## AIM OF THE EXERCISE
Read each of the lines below and tally those with "opacities"; the tally is the whole answer.

--------------------------------

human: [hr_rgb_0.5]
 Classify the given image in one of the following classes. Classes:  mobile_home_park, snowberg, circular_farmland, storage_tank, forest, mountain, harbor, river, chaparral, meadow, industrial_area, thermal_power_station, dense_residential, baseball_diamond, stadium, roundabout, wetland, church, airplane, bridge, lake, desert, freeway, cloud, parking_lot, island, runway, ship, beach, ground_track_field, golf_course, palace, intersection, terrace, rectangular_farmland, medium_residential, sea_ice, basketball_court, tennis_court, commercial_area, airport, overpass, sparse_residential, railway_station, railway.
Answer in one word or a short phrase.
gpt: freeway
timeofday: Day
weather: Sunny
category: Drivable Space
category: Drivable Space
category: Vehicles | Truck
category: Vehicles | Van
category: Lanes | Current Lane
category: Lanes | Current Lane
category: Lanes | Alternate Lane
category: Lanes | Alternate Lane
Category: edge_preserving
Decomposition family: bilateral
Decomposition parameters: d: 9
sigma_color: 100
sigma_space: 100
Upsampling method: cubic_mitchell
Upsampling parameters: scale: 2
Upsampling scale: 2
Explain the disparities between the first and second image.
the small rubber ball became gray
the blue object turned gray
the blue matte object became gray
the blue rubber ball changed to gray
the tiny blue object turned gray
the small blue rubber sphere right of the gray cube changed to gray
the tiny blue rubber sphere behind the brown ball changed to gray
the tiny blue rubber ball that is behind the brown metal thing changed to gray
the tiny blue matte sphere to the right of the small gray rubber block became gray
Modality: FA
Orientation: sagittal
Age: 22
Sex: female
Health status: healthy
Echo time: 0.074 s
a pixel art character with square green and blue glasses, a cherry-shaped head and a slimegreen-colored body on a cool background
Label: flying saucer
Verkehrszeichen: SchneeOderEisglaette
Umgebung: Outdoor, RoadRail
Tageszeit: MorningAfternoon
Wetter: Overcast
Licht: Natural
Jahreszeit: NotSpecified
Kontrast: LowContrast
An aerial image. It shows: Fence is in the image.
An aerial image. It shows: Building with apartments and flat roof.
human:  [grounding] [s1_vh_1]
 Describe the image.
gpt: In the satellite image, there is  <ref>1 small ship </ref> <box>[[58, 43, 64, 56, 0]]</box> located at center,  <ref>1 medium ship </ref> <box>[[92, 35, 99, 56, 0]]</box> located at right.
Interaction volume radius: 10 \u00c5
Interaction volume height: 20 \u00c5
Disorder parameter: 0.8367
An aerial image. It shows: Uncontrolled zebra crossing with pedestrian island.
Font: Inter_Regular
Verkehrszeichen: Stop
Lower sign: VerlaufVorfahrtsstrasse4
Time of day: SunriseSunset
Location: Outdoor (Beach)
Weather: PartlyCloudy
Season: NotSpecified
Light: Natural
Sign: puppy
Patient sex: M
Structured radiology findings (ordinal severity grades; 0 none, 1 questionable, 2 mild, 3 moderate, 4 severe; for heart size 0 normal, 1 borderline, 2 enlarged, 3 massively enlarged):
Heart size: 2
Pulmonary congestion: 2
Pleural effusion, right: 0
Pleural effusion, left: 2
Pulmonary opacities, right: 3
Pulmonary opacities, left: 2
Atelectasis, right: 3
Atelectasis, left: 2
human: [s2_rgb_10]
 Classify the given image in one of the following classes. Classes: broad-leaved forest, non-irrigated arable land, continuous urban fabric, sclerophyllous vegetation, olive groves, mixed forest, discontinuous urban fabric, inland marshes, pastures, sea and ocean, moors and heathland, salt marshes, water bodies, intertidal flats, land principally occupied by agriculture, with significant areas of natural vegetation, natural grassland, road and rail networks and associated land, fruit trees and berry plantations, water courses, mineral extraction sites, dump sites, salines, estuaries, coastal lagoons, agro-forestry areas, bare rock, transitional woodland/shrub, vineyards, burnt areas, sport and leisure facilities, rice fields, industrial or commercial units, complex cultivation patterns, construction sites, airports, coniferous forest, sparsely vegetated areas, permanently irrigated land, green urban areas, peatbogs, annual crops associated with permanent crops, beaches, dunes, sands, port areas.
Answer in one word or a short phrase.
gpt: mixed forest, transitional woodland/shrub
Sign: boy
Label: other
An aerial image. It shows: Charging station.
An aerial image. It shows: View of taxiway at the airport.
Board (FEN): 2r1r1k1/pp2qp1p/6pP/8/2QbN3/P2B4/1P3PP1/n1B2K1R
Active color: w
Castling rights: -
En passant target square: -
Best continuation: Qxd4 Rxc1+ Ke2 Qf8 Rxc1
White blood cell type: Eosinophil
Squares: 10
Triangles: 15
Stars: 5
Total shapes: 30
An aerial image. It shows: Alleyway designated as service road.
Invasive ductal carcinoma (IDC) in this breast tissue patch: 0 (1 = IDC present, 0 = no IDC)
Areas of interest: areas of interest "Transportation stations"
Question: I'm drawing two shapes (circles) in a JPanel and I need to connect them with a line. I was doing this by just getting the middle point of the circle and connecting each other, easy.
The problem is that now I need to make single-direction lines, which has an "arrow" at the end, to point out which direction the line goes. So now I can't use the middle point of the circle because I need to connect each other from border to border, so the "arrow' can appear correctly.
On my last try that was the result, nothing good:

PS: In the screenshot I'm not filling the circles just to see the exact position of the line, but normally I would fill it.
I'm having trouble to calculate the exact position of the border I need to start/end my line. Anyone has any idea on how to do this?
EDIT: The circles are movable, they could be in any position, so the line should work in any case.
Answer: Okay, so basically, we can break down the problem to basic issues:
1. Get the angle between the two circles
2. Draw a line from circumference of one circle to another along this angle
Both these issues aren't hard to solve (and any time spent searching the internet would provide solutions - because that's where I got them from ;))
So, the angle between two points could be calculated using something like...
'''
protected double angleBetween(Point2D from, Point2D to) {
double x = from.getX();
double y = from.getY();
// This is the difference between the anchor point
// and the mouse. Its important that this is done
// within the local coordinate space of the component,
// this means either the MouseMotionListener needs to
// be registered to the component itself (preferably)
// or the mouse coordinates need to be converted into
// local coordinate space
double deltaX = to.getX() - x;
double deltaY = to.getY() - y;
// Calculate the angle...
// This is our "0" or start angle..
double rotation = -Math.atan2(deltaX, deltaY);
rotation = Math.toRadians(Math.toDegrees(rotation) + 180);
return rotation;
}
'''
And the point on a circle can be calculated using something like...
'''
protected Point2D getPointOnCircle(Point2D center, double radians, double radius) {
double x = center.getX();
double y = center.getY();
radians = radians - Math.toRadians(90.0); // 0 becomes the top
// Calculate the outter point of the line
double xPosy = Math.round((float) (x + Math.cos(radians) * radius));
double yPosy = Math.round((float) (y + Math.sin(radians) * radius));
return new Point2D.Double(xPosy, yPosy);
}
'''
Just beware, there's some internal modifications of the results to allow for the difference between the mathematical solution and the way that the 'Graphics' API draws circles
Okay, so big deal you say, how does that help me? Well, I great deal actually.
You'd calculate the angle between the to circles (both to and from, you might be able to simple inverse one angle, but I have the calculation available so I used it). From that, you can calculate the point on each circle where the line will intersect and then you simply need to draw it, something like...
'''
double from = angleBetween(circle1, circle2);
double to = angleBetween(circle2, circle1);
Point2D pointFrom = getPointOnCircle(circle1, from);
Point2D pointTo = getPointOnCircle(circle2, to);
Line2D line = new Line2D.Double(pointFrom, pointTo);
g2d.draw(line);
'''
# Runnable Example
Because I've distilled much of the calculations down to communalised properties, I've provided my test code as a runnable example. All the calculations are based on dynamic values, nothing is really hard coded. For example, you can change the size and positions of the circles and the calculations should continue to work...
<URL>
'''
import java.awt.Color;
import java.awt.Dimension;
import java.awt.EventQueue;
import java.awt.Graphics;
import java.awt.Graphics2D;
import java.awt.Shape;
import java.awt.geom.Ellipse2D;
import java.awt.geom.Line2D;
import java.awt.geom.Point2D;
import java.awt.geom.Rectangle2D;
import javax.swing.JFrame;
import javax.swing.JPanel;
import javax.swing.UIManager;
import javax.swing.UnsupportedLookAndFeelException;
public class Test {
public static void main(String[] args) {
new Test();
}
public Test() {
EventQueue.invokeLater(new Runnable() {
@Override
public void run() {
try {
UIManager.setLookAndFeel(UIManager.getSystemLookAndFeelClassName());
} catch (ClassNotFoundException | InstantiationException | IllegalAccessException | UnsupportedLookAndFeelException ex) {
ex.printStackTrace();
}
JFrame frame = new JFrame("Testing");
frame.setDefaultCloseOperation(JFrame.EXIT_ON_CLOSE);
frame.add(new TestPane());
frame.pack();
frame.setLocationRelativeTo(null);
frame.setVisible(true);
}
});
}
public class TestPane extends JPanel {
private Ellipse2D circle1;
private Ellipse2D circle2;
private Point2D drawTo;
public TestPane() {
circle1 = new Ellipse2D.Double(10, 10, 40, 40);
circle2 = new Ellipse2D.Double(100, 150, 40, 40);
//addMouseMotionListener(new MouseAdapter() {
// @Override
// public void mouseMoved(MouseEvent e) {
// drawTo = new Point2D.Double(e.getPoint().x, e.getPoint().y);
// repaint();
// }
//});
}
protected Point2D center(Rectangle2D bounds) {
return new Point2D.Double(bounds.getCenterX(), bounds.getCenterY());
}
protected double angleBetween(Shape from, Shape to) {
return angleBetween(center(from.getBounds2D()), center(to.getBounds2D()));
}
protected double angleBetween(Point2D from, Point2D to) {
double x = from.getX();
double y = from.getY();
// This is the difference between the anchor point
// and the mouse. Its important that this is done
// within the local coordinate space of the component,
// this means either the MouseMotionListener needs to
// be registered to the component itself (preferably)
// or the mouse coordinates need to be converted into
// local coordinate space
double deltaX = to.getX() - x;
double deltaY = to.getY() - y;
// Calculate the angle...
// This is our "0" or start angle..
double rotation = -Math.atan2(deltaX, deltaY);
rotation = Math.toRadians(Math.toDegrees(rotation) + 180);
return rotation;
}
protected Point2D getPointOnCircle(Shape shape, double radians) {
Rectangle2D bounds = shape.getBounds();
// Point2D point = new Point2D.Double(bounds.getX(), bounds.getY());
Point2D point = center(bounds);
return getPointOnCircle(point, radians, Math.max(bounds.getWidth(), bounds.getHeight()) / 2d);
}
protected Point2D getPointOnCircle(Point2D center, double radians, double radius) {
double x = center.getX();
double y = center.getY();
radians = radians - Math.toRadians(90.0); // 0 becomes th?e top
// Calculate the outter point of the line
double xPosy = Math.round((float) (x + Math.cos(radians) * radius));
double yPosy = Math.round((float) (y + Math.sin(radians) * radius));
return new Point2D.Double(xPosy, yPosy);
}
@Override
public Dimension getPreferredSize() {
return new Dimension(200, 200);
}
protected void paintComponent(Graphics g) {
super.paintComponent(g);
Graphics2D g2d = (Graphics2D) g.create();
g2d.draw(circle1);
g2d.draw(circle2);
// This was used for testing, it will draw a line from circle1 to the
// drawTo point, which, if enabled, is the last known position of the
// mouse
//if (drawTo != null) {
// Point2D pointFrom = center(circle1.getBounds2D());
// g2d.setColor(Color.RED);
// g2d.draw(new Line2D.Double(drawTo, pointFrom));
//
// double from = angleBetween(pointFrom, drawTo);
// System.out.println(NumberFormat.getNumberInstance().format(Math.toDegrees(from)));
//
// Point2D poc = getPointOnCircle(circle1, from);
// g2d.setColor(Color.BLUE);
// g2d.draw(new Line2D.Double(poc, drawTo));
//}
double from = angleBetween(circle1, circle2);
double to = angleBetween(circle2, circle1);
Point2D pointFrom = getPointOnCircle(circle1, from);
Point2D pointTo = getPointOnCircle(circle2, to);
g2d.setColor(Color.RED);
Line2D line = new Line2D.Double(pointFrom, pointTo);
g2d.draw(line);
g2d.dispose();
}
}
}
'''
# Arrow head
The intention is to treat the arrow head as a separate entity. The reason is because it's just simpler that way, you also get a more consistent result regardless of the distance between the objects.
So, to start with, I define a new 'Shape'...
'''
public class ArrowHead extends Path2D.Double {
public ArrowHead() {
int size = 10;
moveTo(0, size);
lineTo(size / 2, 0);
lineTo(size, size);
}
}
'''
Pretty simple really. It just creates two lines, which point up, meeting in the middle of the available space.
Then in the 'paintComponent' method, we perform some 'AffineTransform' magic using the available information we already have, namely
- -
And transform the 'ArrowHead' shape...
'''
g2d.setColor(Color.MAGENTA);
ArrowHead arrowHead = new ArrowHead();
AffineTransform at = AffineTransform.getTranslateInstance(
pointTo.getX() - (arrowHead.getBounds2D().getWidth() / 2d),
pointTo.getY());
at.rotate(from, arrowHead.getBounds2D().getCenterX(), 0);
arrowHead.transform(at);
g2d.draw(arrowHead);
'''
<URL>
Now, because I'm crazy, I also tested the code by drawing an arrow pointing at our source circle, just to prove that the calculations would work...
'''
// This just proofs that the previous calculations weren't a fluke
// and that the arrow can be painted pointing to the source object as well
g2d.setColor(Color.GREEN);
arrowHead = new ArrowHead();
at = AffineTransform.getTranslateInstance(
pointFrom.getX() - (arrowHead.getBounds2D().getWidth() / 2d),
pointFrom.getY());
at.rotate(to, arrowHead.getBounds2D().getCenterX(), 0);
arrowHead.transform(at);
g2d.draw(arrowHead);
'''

--------------------------------

## ANSWER TO THIS TASK
2